Never made a 'choice'. Only NORIE'S on J&J Denholm vessels and only saw NORIE'S at Glasgow College. Of course knew about Burtons. I think I saw a set in a bookshop once... the layout of logs were very different.... perhaps a bit clearer to read. In those days I didn't need glasses!


----------



## borderreiver

used both. Took Nories in for exams as it has lot of help in the front which the exam ones had cut out and borrowed the exam room burtons which had better ABC.
Do you still remember putting the c correction on to your noon postions


----------



## Stephen J. Card

borderreiver said:


> .
> Do you still remember putting the c correction on to your noon postions


Yes. I was used to 'long by chron'.... then to 4-8 in Marc St Hilarious!


Re.... Captain Ogura's method is in the old editions from the 60s. I have a couple of spare from 1983 and Ogura's method is deleted.

For Navigation text books..... I always like Nicholl's Concise Guide.... perhaps a good place to buy Brown Son & Fergusson. I see they sell now the new edition of 80 quid!!! A GPS is cheaper!


----------



## China hand

When you think about the race to get the pos worked out, as if it was life or death, as we plodded across the Pacific at around 13 knots, it puts the "now" generation into a whole new world.(Hippy)


----------



## Robert Hilton

I have somewhere a Nories dated 1888. It contains a complete treatise on navigation, but no Marc St. Hilaire. It gives Admiral Sumner's New Method for sight reduction, which I'm told Marc St. Hilaire realised could be shortened by cutting out a section of the working. 

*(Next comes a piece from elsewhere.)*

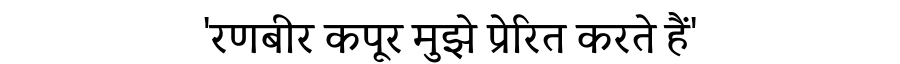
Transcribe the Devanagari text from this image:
'रणबीर कपूर मुझे प्रेरित करते हैं'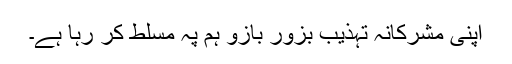
اپنی مشرکانہ تہذیب بزور بازو ہم پہ مسلط کر رہا ہے۔

It has two traverse tables, one in quarter points and the other in "the new degrees."


----------



## Farmer John

I was always fascinated by the "Bar 10" bit of many of the... numbers ( I think they were logarithms, but that may just be my logorrhea) . I know it was used to protect us simple people from having to use negative characteristics while still having the mantissa just fine and dandy (this explanation may be a little technical for some on the site, but trust me, I don't understand it myself).

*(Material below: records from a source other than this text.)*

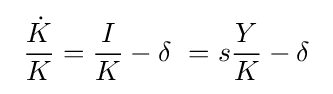
\ {\frac {\dot {K}}{K}}={\frac {I}{K}}-\delta \ =s{\frac {Y}{K}}-\delta \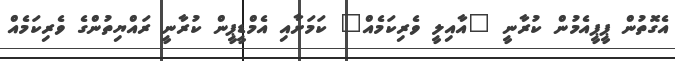
އެގޮތުން ޕީޕީއެމުން ކުރާނީ "އާއިލީ ވެރިކަމެއް" ކަމަށާއި އެމްޑީޕީން ކުރާނީ ރައްޔިތުންގެ ވެރިކަމެއް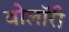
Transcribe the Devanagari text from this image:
वोलॉरी

Seriously, I was amazed by spherical trigonometry, so many of the absolutes of plane trigonometry just went, no boring internal angles adding up to to 180°, no more and no less, and such other heresies. This may have led me to set off on my first trip with a book on Relativity and another on non-Euclidian geometry. I did enjoy them, but never really had time to read them. I wish I could return to that kind of optimism, but I have to say that some kind of loss of this feeling has saved me from spending too much on books on quantum physics, though I have enjoyed fractals and fuzzy logic (much my favourite).


----------



## Stephen J. Card

Just yesterday on SN re Noon Sights I noticed that one example was in logs using BAR method the other used the DECIMAL method.

I still have my old school using the BAR method... still in good condition! On first ship I was given Norie's and had to learn all a new decimal method. Well, not to learn exactly science, I was just told to get on with it.

My crunch came until 1980. I sat Masters in Glasgow... no problem. Just for writtens... could not sea time to do orals. At the same time I had a thought to take another ticket.... a Liberian Certificate. For their requirements I had time for their ticket. So... just about a month I sat in Glasgow I flew to Reston VA to the Liberian Exam Centre.

How many of you have actually see the Liberian examinations... quite impressive. 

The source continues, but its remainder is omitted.